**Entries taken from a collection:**
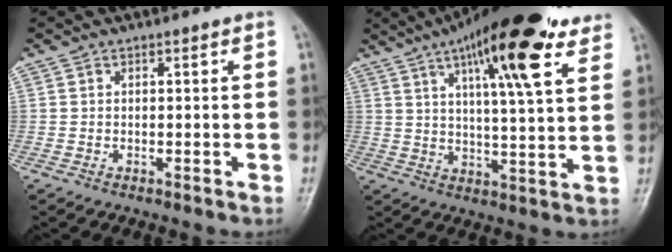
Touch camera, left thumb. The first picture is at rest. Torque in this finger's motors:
{"motor_torque": [0.19, 0.81, 1.51, -1.28, 0.19]}
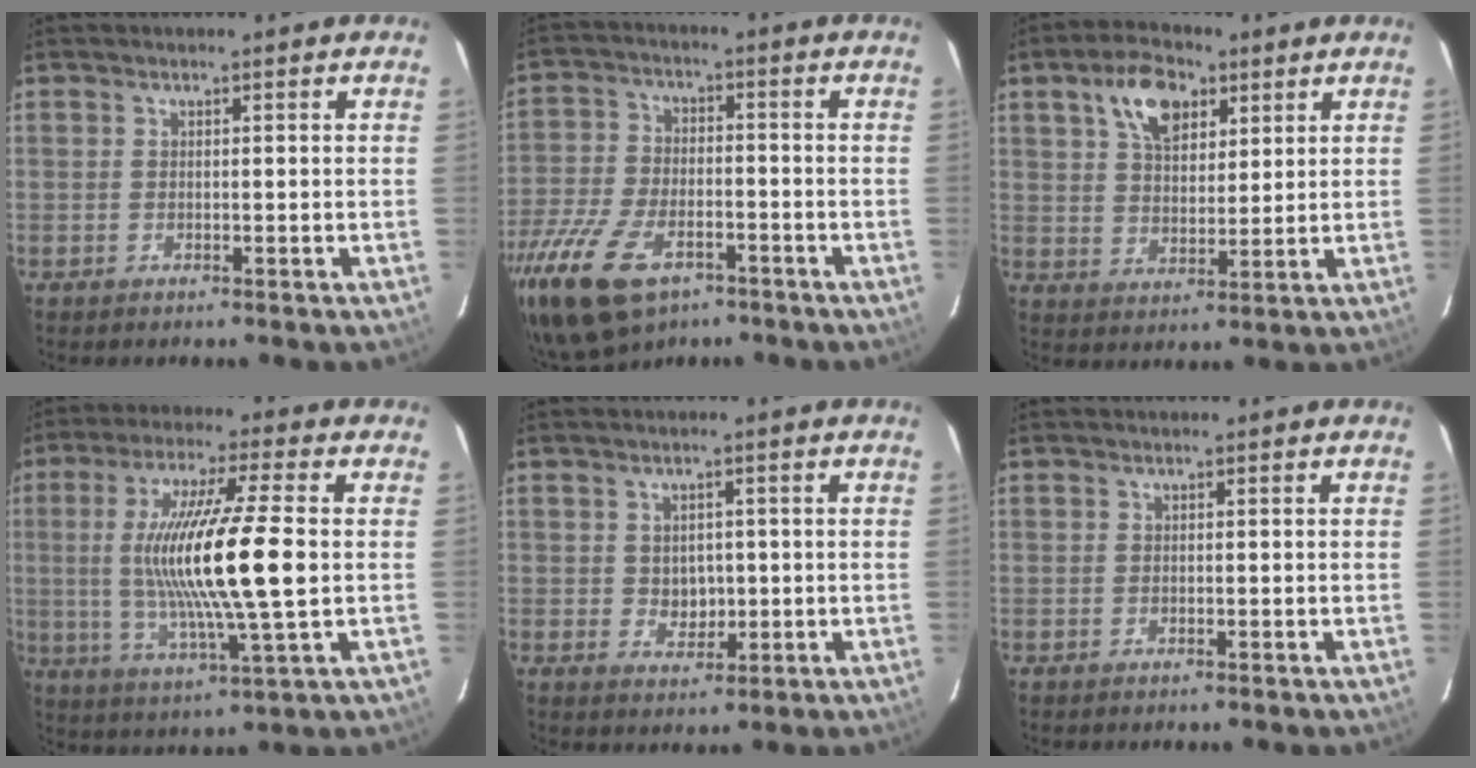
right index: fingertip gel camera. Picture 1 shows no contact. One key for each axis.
{"total": 20.1, "fx": -12.1, "fy": 10.6, "fz": 12.0, "tx": -0.286, "ty": -0.037, "tz": -0.217}
{"total": 9.8, "fx": 5.0, "fy": 5.5, "fz": 6.4, "tx": -0.112, "ty": 0.020, "tz": 0.090}
{"total": 17.8, "fx": 0.5, "fy": 1.4, "fz": 17.8, "tx": -0.327, "ty": -0.011, "tz": 0.013}
{"total": 3.8, "fx": 0.0, "fy": 3.3, "fz": 1.9, "tx": -0.027, "ty": 0.001, "tz": 0.006}
{"total": 0.0}
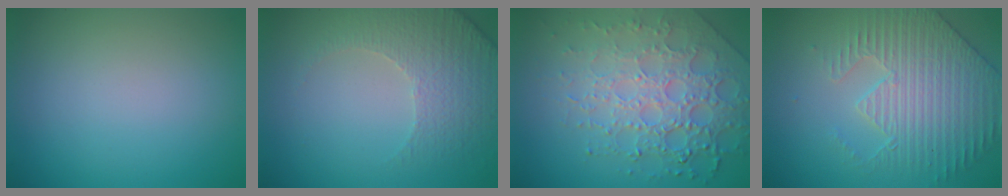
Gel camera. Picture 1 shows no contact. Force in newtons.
{"total": 4.9, "press": 3.5, "slide": 3.5}
{"total": 8.1, "press": 5.6, "slide": 5.9}
{"total": 4.2, "press": 4.2, "slide": 0.5}
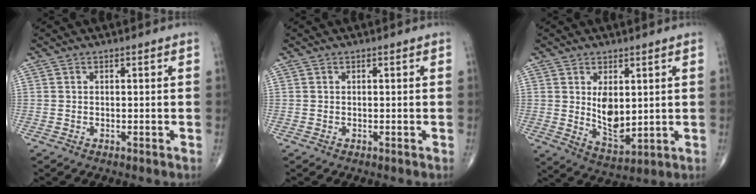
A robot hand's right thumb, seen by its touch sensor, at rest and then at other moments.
{"total": 0.0}
{"total": 8.1, "force": [1.4, 4.3, 6.7], "torque": [-0.094, -0.023, 0.041]}
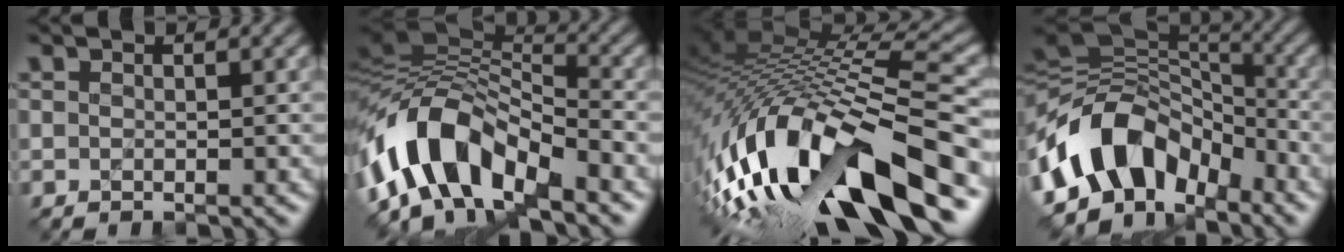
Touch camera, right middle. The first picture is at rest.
{"total": 10.1, "force": [-4.9, 4.9, 7.4], "torque": [-0.126, 0.020, -0.098]}
{"total": 17.0, "force": [-7.3, 5.9, 14.2], "torque": [-0.288, -0.003, -0.124]}
{"total": 10.9, "force": [-4.6, 7.1, 6.8], "torque": [-0.116, 0.030, -0.098]}
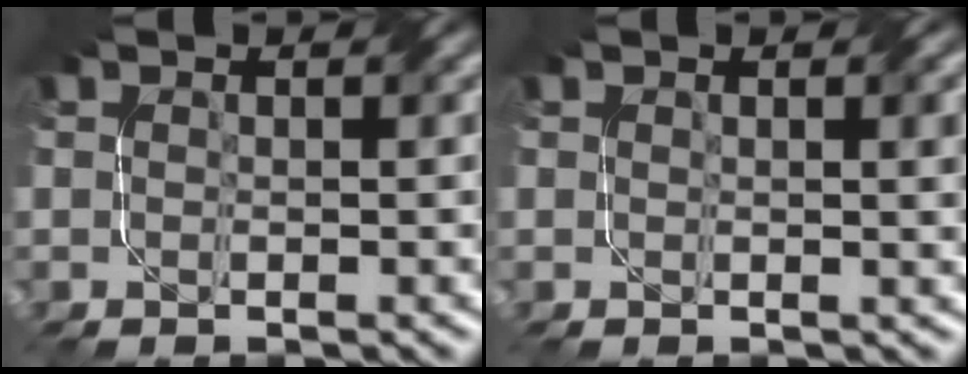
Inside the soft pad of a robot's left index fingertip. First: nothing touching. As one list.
[{"total": 2.7, "force": [0.8, 0.8, 2.4], "torque": [-0.023, 0.005, 0.011]}]
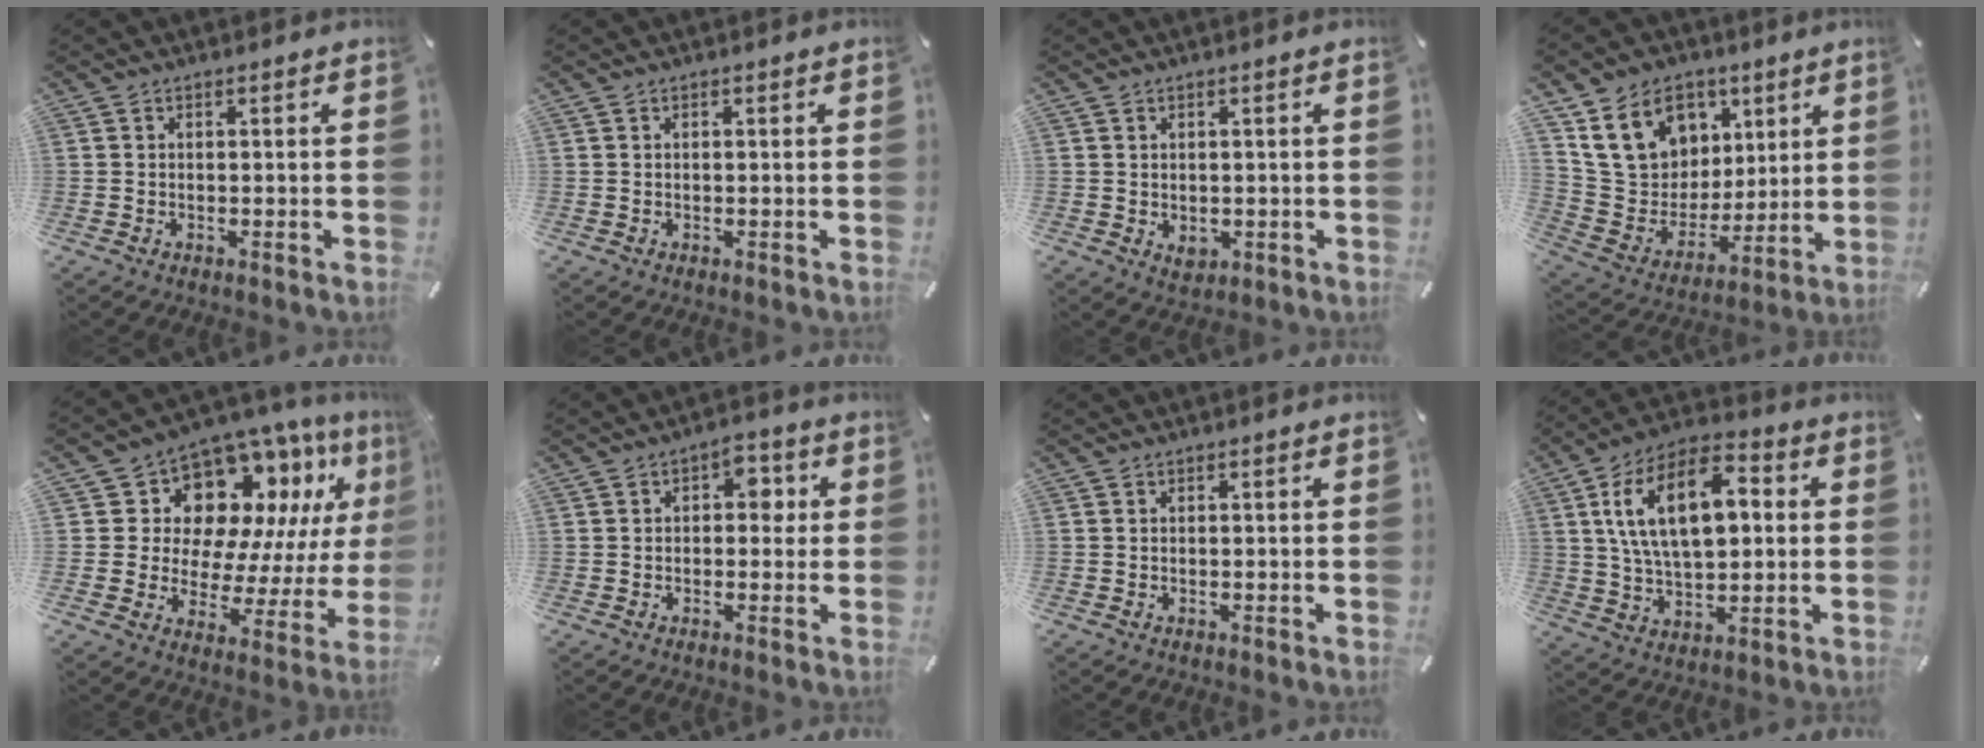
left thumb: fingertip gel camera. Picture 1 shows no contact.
{"total": 0.0}
{"total": 2.4, "force": [-0.2, 2.1, 1.1], "torque": [-0.010, -0.001, -0.003]}
{"total": 16.9, "force": [8.0, 13.4, 6.4], "torque": [-0.119, -0.033, 0.164]}
{"total": 13.9, "force": [8.7, 9.4, 5.3], "torque": [-0.076, -0.099, 0.151]}
{"total": 4.7, "force": [0.8, 3.2, 3.3], "torque": [-0.027, -0.003, 0.001]}
{"total": 0.0}
{"total": 17.7, "force": [4.3, 10.1, 13.9], "torque": [-0.270, 0.008, 0.070]}
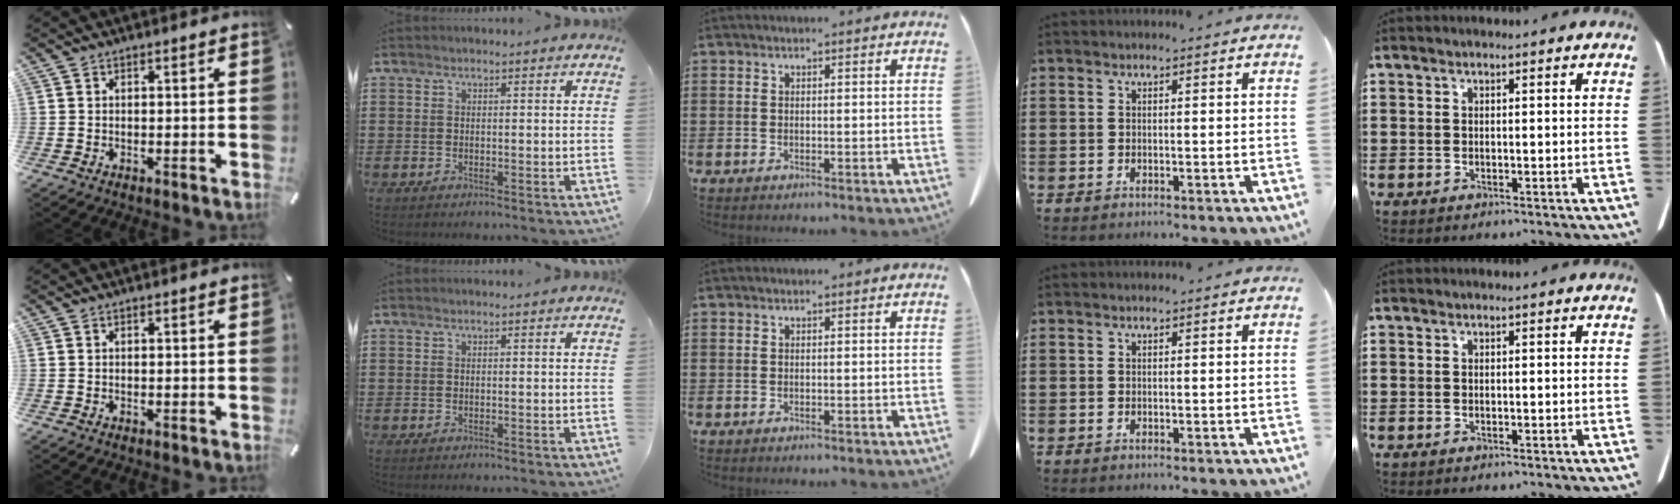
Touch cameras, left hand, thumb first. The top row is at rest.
{}

**About this exercise:**
Please write out every entry exactly, but skip the pictures.

**Written response:**
Touch camera, left thumb. The first picture is at rest. Torque in this finger's motors:
{"motor_torque": [0.19, 0.81, 1.51, -1.28, 0.19]}
right index: fingertip gel camera. Picture 1 shows no contact. One key for each axis.
{"total": 20.1, "fx": -12.1, "fy": 10.6, "fz": 12.0, "tx": -0.286, "ty": -0.037, "tz": -0.217}
{"total": 9.8, "fx": 5.0, "fy": 5.5, "fz": 6.4, "tx": -0.112, "ty": 0.020, "tz": 0.090}
{"total": 17.8, "fx": 0.5, "fy": 1.4, "fz": 17.8, "tx": -0.327, "ty": -0.011, "tz": 0.013}
{"total": 3.8, "fx": 0.0, "fy": 3.3, "fz": 1.9, "tx": -0.027, "ty": 0.001, "tz": 0.006}
{"total": 0.0}
Gel camera. Picture 1 shows no contact. Force in newtons.
{"total": 4.9, "press": 3.5, "slide": 3.5}
{"total": 8.1, "press": 5.6, "slide": 5.9}
{"total": 4.2, "press": 4.2, "slide": 0.5}
A robot hand's right thumb, seen by its touch sensor, at rest and then at other moments.
{"total": 0.0}
{"total": 8.1, "force": [1.4, 4.3, 6.7], "torque": [-0.094, -0.023, 0.041]}
Touch camera, right middle. The first picture is at rest.
{"total": 10.1, "force": [-4.9, 4.9, 7.4], "torque": [-0.126, 0.020, -0.098]}
{"total": 17.0, "force": [-7.3, 5.9, 14.2], "torque": [-0.288, -0.003, -0.124]}
{"total": 10.9, "force": [-4.6, 7.1, 6.8], "torque": [-0.116, 0.030, -0.098]}
Inside the soft pad of a robot's left index fingertip. First: nothing touching. As one list.
[{"total": 2.7, "force": [0.8, 0.8, 2.4], "torque": [-0.023, 0.005, 0.011]}]
left thumb: fingertip gel camera. Picture 1 shows no contact.
{"total": 0.0}
{"total": 2.4, "force": [-0.2, 2.1, 1.1], "torque": [-0.010, -0.001, -0.003]}
{"total": 16.9, "force": [8.0, 13.4, 6.4], "torque": [-0.119, -0.033, 0.164]}
{"total": 13.9, "force": [8.7, 9.4, 5.3], "torque": [-0.076, -0.099, 0.151]}
{"total": 4.7, "force": [0.8, 3.2, 3.3], "torque": [-0.027, -0.003, 0.001]}
{"total": 0.0}
{"total": 17.7, "force": [4.3, 10.1, 13.9], "torque": [-0.270, 0.008, 0.070]}
Touch cameras, left hand, thumb first. The top row is at rest.
{}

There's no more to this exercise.